DATA EXCERPTS →

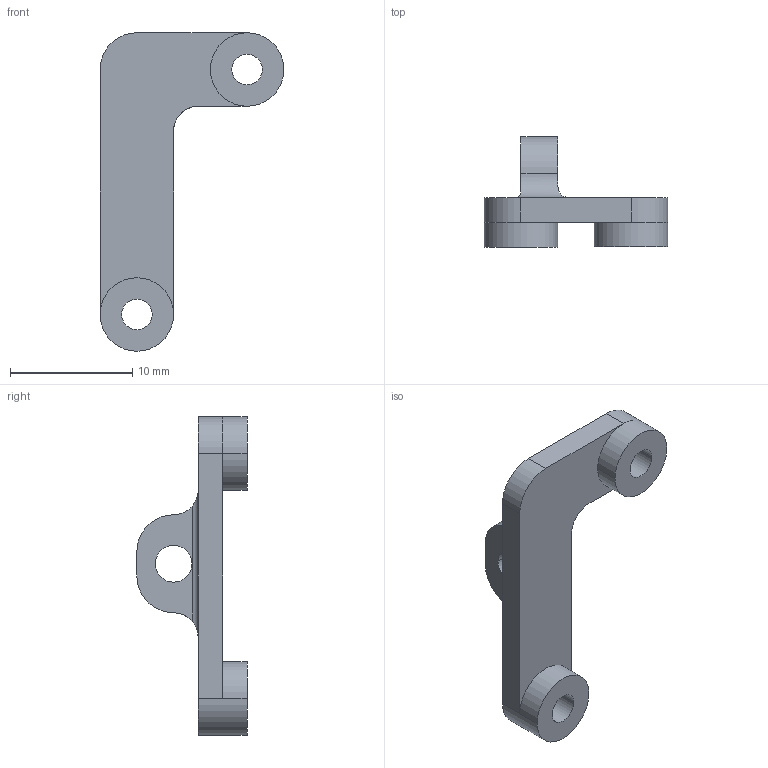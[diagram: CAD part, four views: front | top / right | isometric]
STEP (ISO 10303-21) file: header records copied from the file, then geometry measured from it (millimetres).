
FILE_DESCRIPTION(('CATIA V5 STEP Exchange','CAx-IF Rec.Pracs.--- Model Styling and Organization---1.4--- 2014-01-23','CAx-IF Rec.Pracs.---Representation and Presentation of Product Manufacturing Information (PMI)---4.0---2014-10-13','CAx-IF Rec.Pracs.---User Defined Attributes---1.3---2014-10-09','CAx-IF Rec.Pracs.--- Geometric and Assembly Validation Properties ---4.2---2014-10-09','CAx-IF Rec.Pracs.---3D Tessellated Data Validation Properties---0.5---2014-09-14'),'2;1');
FILE_NAME('Bracket Droit.stp','2019-01-28T07:13:41+00:00',('none'),('none'),'CATIA Version 5-6 Release 2017 SP2 HF31','CATIA V5 STEP AP242','none');
FILE_SCHEMA(('AP242_MANAGED_MODEL_BASED_3D_ENGINEERING_MIM_LF {1 0 10303 442 1 1 4}'));
Length unit declared in the file: millimetre
Products named in the file (1): Bracket Droit
Bounding box: 15 x 9 x 26 mm (x, y, z)
Volume: 569.2 mm3; surface area: 775.2 mm2
Topology: 1 solids, 1 shells, 27 faces, 73 edges, 47 vertices
Faces by surface type: cylinder 17, plane 10
Entity records: 881 total; most frequent: CARTESIAN_POINT 170, ORIENTED_EDGE 146, DIRECTION 112, EDGE_CURVE 73, AXIS2_PLACEMENT_3D 54, VERTEX_POINT 47, VECTOR 38, LINE 38
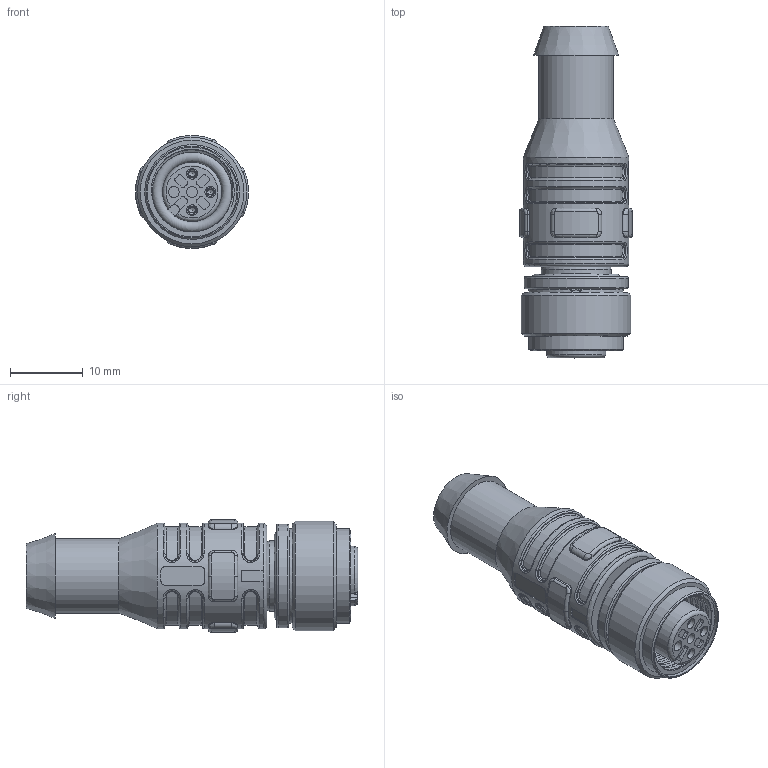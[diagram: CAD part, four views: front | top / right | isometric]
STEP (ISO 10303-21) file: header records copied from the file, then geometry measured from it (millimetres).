
FILE_DESCRIPTION(/* description */ (''),/* implementation_level */ '2;1');
FILE_NAME(/* name */ 'VKA00225.stp',/* time_stamp */ '2016-10-12T09:36:04+02:00',/* author */ ('mitarbeiter'),/* organization */ (''),/* preprocessor_version */ 'ST-DEVELOPER v15.2',/* originating_system */ 'Autodesk Inventor 2014',/* authorisation */ '');
FILE_SCHEMA (('AUTOMOTIVE_DESIGN { 1 0 10303 214 3 1 1 }'));
Length unit declared in the file: millimetre
Products named in the file (13): WAK_LED_Umspritzung; Rastring; Ueberwurfmutter; BG Ueberwurfmutter; Steckbuchse; Buchseneinsatz; Buchseneinsatz_SR; Platine E044; BG_Buchseneinsatz_kpl; O-Ring_7_D1_5_gedehnt; AL_WAK3P2_nur_Kopf; VKA00225
Bounding box: 15.48 x 45.5 x 15.46 mm (x, y, z)
Volume: 6373.7 mm3; surface area: 6239 mm2
Topology: 10 solids, 10 shells, 908 faces, 2348 edges, 1514 vertices
Faces by surface type: cylinder 446, plane 304, bspline 66, torus 60, cone 32
Full cylindrical faces by diameter (mm): 1.1 x3, 1.15 x6, 1.3 x3, 1.5 x10, 1.6 x3, 1.65 x3, 1.675 x6, 1.8 x10, 1.9 x1, 2 x3, 2.1 x1, 2.9 x2, 7.075 x2, 8 x4, 9.5 x4, 9.6 x2, 9.8 x1, 10.2 x1, 10.95 x7, 12.3 x1, 12.5 x1, 13 x1, 13.2 x1, 14.25 x1, 14.5 x1, 15 x1
Entity records: 32301 total; most frequent: CARTESIAN_POINT 11702, DIRECTION 4572, ORIENTED_EDGE 4080, EDGE_CURVE 2040, AXIS2_PLACEMENT_3D 1921, VERTEX_POINT 1375, CIRCLE 1115, EDGE_LOOP 999
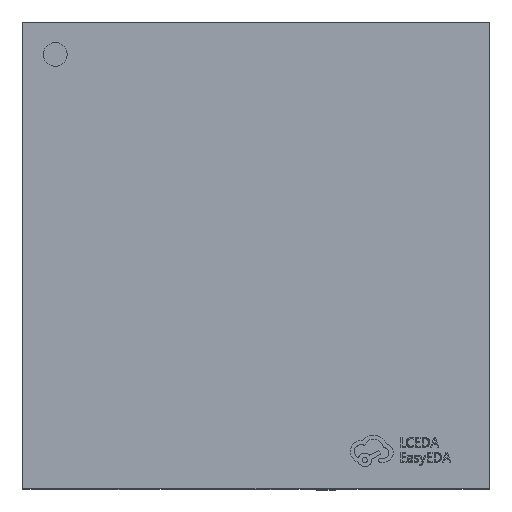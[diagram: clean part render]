
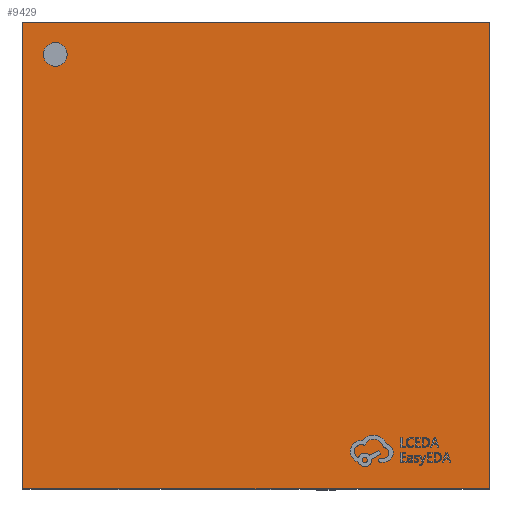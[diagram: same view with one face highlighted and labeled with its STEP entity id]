
A CAD part, top view. The second image highlights one B-rep face of the part: STEP entity #9429.
In plain terms, the highlighted planar face has unit normal (0, 0, 1).
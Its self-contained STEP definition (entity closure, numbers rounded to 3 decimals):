
#382 = CARTESIAN_POINT ( 'NONE',  ( 2.5, -2.5, 0.75 ) ) ;
#570 = DIRECTION ( 'NONE',  ( 0., -1., 0. ) ) ;
#1200 = CIRCLE ( 'NONE', #15307, 0.128 ) ;
#1886 = VERTEX_POINT ( 'NONE', #25581 ) ;
#2725 = VECTOR ( 'NONE', #28719, 1000. ) ;
#2896 = VERTEX_POINT ( 'NONE', #12285 ) ;
#3197 = CARTESIAN_POINT ( 'NONE',  ( -2.5, 2.5, 0.75 ) ) ;
#3808 = CIRCLE ( 'NONE', #21408, 0.128 ) ;
#3862 = CARTESIAN_POINT ( 'NONE',  ( 0., 0., 0.75 ) ) ;
#4478 = CARTESIAN_POINT ( 'NONE',  ( -2.026, 2.161, 0.75 ) ) ;
#5071 = CARTESIAN_POINT ( 'NONE',  ( 2.5, 2.5, 0.75 ) ) ;
#5847 = VERTEX_POINT ( 'NONE', #30769 ) ;
#6769 = DIRECTION ( 'NONE',  ( 0., 0., 1. ) ) ;
#8116 = CARTESIAN_POINT ( 'NONE',  ( -2.153, 2.161, 0.75 ) ) ;
#8480 = VERTEX_POINT ( 'NONE', #382 ) ;
#8567 = FACE_OUTER_BOUND ( 'NONE', #26436, .T. ) ;
#9192 = DIRECTION ( 'NONE',  ( 1., 0., 0. ) ) ;
#9429 = ADVANCED_FACE ( 'NONE', ( #30166, #8567 ), #16271, .T. ) ;
#11724 = DIRECTION ( 'NONE',  ( -1., 0., 0. ) ) ;
#12189 = EDGE_CURVE ( 'NONE', #8480, #5847, #31068, .T. ) ;
#12285 = CARTESIAN_POINT ( 'NONE',  ( -2.281, 2.161, 0.75 ) ) ;
#12589 = ORIENTED_EDGE ( 'NONE', *, *, #16693, .F. ) ;
#13341 = ORIENTED_EDGE ( 'NONE', *, *, #23661, .T. ) ;
#13459 = EDGE_CURVE ( 'NONE', #26742, #1886, #24693, .T. ) ;
#14395 = CARTESIAN_POINT ( 'NONE',  ( -2.5, 2.5, 0.75 ) ) ;
#14951 = VECTOR ( 'NONE', #570, 1000. ) ;
#14961 = VERTEX_POINT ( 'NONE', #4478 ) ;
#15307 = AXIS2_PLACEMENT_3D ( 'NONE', #8116, #24259, #25013 ) ;
#16104 = LINE ( 'NONE', #25758, #16784 ) ;
#16271 = PLANE ( 'NONE',  #24716 ) ;
#16693 = EDGE_CURVE ( 'NONE', #2896, #14961, #3808, .T. ) ;
#16784 = VECTOR ( 'NONE', #18158, 1000. ) ;
#17915 = EDGE_LOOP ( 'NONE', ( #21846, #12589 ) ) ;
#18158 = DIRECTION ( 'NONE',  ( 1., 0., 0. ) ) ;
#18470 = ORIENTED_EDGE ( 'NONE', *, *, #29711, .T. ) ;
#18905 = EDGE_CURVE ( 'NONE', #14961, #2896, #1200, .T. ) ;
#20729 = ORIENTED_EDGE ( 'NONE', *, *, #12189, .T. ) ;
#21164 = DIRECTION ( 'NONE',  ( 0., 0., 1. ) ) ;
#21408 = AXIS2_PLACEMENT_3D ( 'NONE', #30426, #6769, #22997 ) ;
#21846 = ORIENTED_EDGE ( 'NONE', *, *, #18905, .F. ) ;
#22453 = VECTOR ( 'NONE', #11724, 1000. ) ;
#22997 = DIRECTION ( 'NONE',  ( 1., 0., 0. ) ) ;
#23661 = EDGE_CURVE ( 'NONE', #5847, #26742, #28603, .T. ) ;
#24259 = DIRECTION ( 'NONE',  ( 0., 0., 1. ) ) ;
#24693 = LINE ( 'NONE', #25179, #14951 ) ;
#24716 = AXIS2_PLACEMENT_3D ( 'NONE', #3862, #21164, #9192 ) ;
#25013 = DIRECTION ( 'NONE',  ( 1., 0., 0. ) ) ;
#25179 = CARTESIAN_POINT ( 'NONE',  ( -2.5, 2.5, 0.75 ) ) ;
#25581 = CARTESIAN_POINT ( 'NONE',  ( -2.5, -2.5, 0.75 ) ) ;
#25758 = CARTESIAN_POINT ( 'NONE',  ( -2.5, -2.5, 0.75 ) ) ;
#26436 = EDGE_LOOP ( 'NONE', ( #20729, #13341, #31160, #18470 ) ) ;
#26742 = VERTEX_POINT ( 'NONE', #3197 ) ;
#28603 = LINE ( 'NONE', #14395, #22453 ) ;
#28719 = DIRECTION ( 'NONE',  ( 0., 1., 0. ) ) ;
#29711 = EDGE_CURVE ( 'NONE', #1886, #8480, #16104, .T. ) ;
#30166 = FACE_BOUND ( 'NONE', #17915, .T. ) ;
#30426 = CARTESIAN_POINT ( 'NONE',  ( -2.153, 2.161, 0.75 ) ) ;
#30769 = CARTESIAN_POINT ( 'NONE',  ( 2.5, 2.5, 0.75 ) ) ;
#31068 = LINE ( 'NONE', #5071, #2725 ) ;
#31160 = ORIENTED_EDGE ( 'NONE', *, *, #13459, .T. ) ;

PROBLEM DESCRIPTION → With the first line being the one containing "#22453 = VECTOR ( 'NONE', #11724, 1000. ) ;" and the last line the one containing "#25581 = CARTESIAN_POINT", transcribe exactly the lines above that fall in that range.

TASK RESULT →
#22453 = VECTOR ( 'NONE', #11724, 1000. ) ;
#22997 = DIRECTION ( 'NONE',  ( 1., 0., 0. ) ) ;
#23661 = EDGE_CURVE ( 'NONE', #5847, #26742, #28603, .T. ) ;
#24259 = DIRECTION ( 'NONE',  ( 0., 0., 1. ) ) ;
#24693 = LINE ( 'NONE', #25179, #14951 ) ;
#24716 = AXIS2_PLACEMENT_3D ( 'NONE', #3862, #21164, #9192 ) ;
#25013 = DIRECTION ( 'NONE',  ( 1., 0., 0. ) ) ;
#25179 = CARTESIAN_POINT ( 'NONE',  ( -2.5, 2.5, 0.75 ) ) ;
#25581 = CARTESIAN_POINT ( 'NONE',  ( -2.5, -2.5, 0.75 ) ) ;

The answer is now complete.